Sweating, he fell forward, his arms finally giving in, his body weight crushing hers to the bed. “I’m sorry,” he grunted, breathless, a strand of her hair in his mouth.
“Whatever for?” she gasped. “It was wonderful.”
He hadn’t meant that, of course. He opened his eyes and stared at her hair sprawled across the pillow by his face.

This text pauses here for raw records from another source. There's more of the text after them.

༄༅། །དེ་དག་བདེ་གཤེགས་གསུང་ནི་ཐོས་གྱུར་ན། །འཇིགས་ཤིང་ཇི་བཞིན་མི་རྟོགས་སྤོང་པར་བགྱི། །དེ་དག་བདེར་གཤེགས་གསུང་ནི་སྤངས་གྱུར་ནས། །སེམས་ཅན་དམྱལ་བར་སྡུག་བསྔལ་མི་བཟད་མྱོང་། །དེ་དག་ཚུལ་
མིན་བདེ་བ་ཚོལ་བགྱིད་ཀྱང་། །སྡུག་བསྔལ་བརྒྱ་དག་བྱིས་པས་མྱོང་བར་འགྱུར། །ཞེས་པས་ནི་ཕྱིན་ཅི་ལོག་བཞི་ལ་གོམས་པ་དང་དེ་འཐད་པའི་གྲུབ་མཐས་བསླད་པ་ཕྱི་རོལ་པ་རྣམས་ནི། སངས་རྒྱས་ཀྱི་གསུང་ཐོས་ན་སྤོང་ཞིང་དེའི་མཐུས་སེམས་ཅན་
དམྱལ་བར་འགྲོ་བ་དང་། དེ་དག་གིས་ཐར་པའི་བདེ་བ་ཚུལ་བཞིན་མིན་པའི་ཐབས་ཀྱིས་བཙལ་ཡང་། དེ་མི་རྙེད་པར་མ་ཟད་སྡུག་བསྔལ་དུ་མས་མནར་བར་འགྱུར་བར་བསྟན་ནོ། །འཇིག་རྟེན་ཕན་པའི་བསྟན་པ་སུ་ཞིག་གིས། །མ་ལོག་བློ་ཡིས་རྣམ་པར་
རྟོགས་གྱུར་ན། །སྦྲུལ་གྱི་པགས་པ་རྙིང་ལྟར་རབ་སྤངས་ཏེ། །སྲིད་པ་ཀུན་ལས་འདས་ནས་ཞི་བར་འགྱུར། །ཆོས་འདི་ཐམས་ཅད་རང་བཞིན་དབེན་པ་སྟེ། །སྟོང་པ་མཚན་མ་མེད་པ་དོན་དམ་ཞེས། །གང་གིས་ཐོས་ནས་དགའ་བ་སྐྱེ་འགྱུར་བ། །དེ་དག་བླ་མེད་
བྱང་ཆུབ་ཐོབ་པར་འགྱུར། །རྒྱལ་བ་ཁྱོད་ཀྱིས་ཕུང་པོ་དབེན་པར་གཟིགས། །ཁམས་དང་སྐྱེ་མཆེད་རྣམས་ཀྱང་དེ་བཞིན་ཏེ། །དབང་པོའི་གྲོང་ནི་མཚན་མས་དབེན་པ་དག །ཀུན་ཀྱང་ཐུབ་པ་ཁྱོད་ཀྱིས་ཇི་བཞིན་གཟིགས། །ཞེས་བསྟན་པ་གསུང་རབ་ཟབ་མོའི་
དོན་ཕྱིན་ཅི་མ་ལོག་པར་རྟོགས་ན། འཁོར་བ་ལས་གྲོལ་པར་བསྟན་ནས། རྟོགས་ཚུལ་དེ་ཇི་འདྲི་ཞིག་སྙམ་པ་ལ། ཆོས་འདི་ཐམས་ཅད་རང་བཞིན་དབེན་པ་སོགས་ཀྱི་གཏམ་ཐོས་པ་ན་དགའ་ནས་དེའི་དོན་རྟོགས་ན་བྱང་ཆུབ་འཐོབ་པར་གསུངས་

Tell her now. Tell her, you cad.
But she closed her warm arms around his back and they tightened, just as her legs wrapped around his in the same manner. He was blissfully trapped, his limbs and muscles too relaxed to move. He’d wanted this from the first moment he saw her in that portrait. Now she was his, fully. If he said something now, all this would be spoiled, wrenched away from him.
Her skin was so soft, better than silk. His eyelids drifted downward until only a spark of copper remained in his view, a lock of her hair curling as it dried against the pillow. Her breath slowly found the same rhythm as his.
“Was it really wonderful?” he asked drowsily.